▼▼▼
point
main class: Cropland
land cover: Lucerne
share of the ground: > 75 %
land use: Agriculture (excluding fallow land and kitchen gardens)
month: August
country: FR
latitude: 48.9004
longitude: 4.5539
▲▲▲
▼▼▼
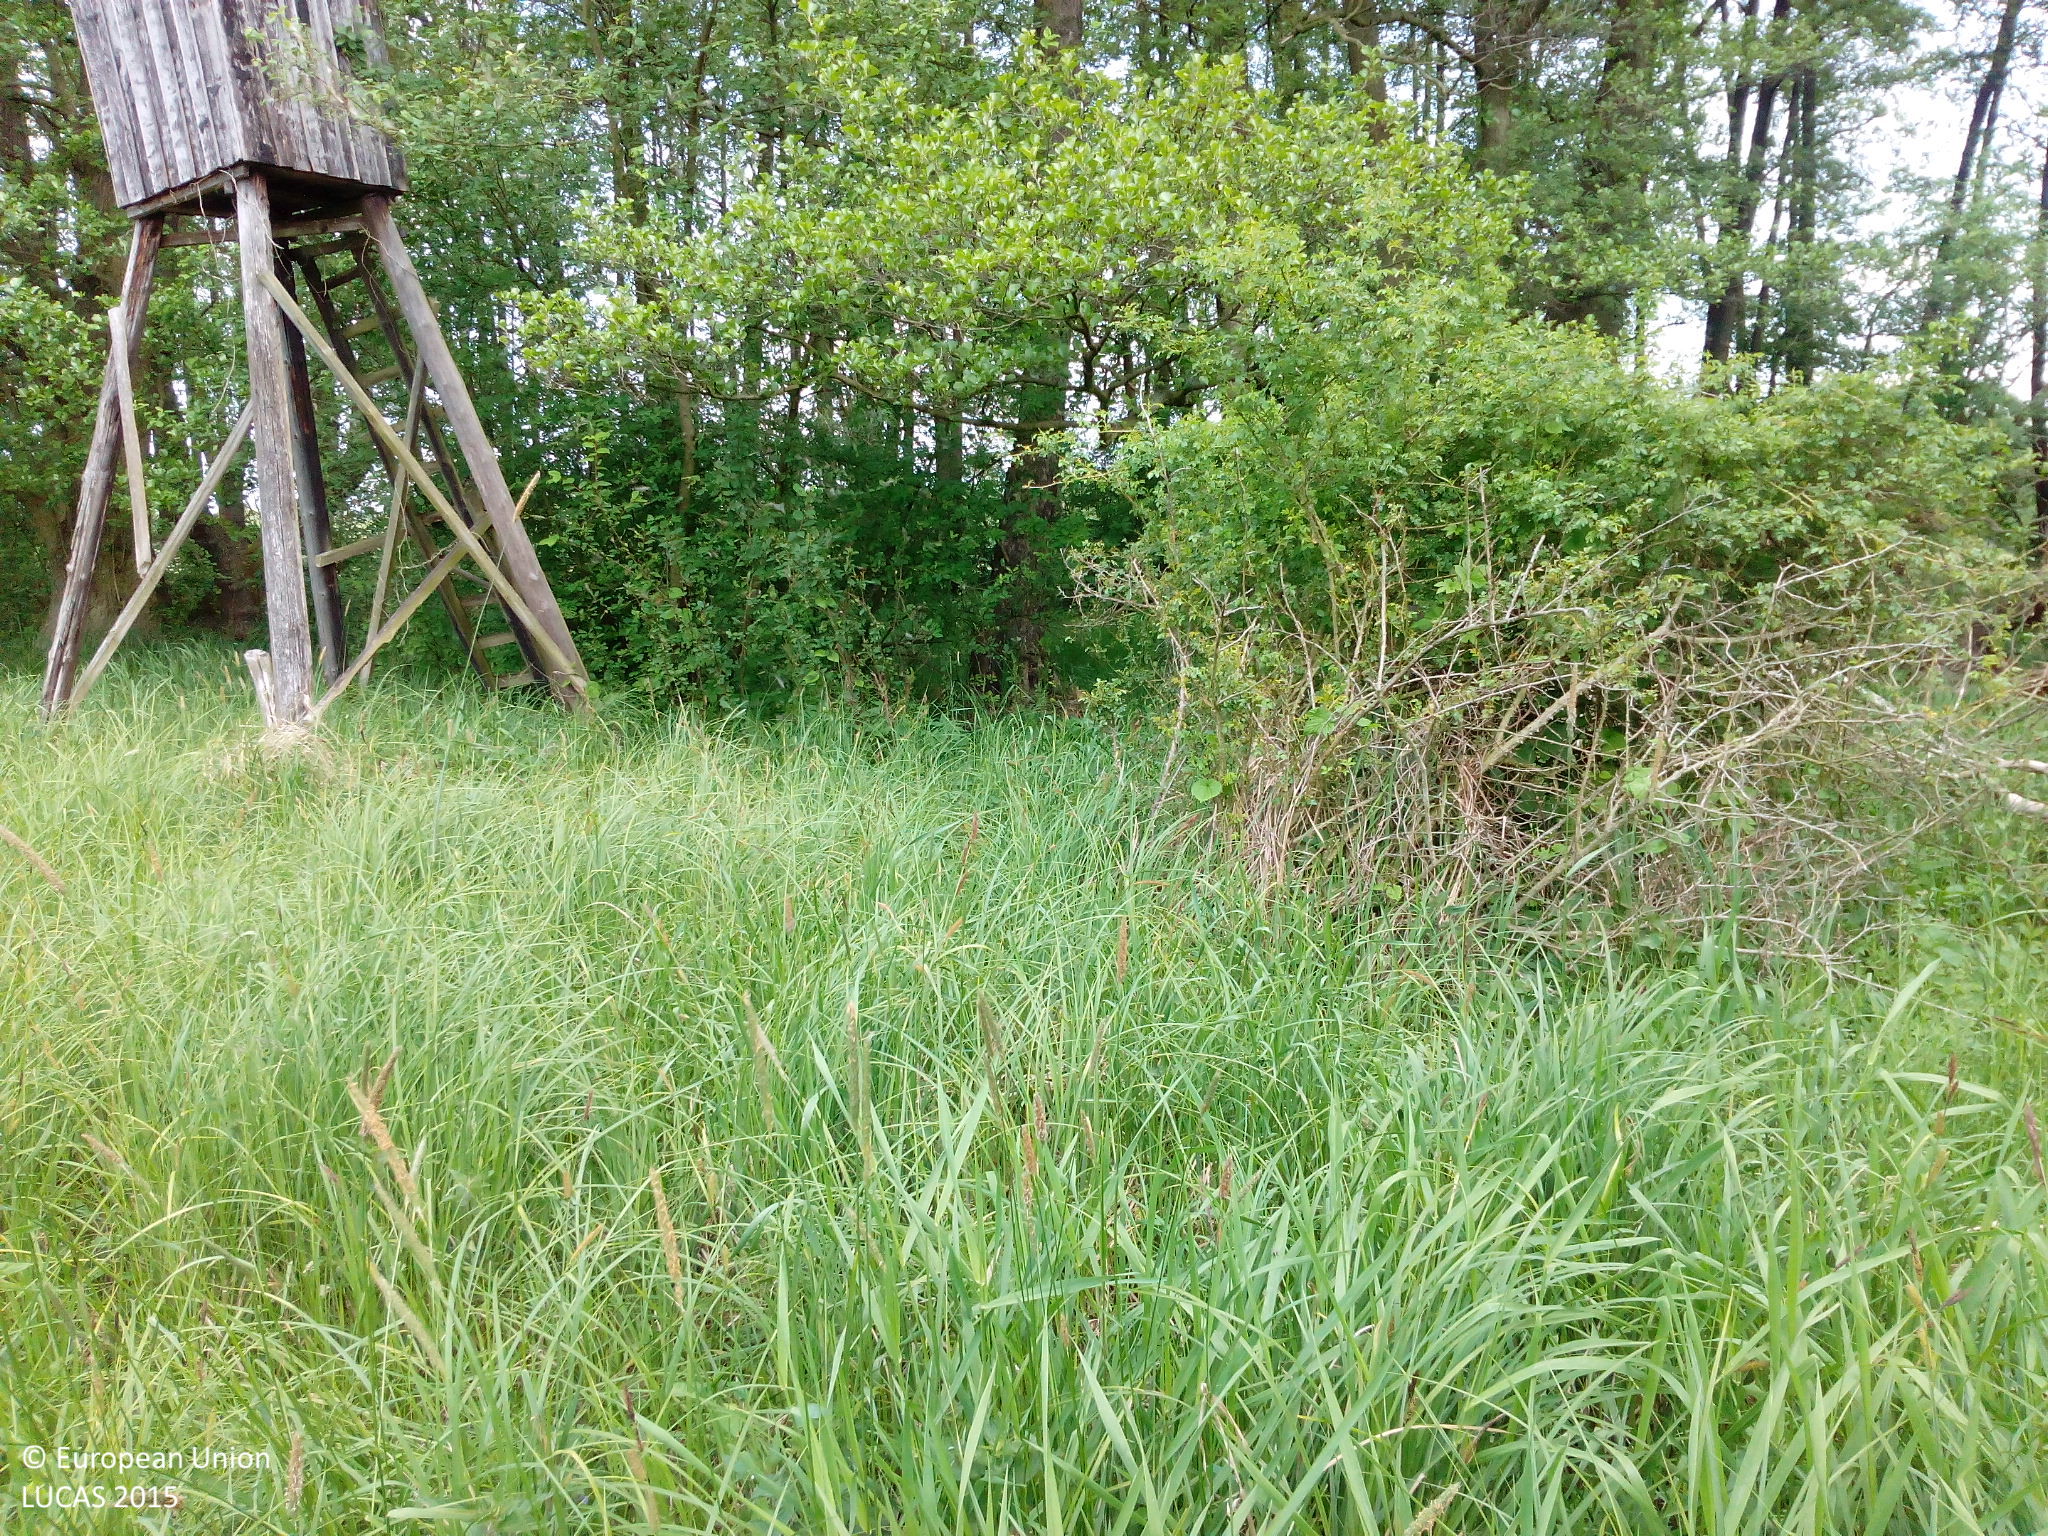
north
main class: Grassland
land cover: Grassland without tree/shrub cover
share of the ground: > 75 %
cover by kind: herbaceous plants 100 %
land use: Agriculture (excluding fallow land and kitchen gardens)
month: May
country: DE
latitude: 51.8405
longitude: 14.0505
▲▲▲
» Task description
In the entries above, the lines between the one holding "cover by kind: herbaceous plants 100 %" and the one holding "longitude: 14.0505", inclusive, are to be printed exactly as written, and those alone.

» Answer to this problem
cover by kind: herbaceous plants 100 %
land use: Agriculture (excluding fallow land and kitchen gardens)
month: May
country: DE
latitude: 51.8405
longitude: 14.0505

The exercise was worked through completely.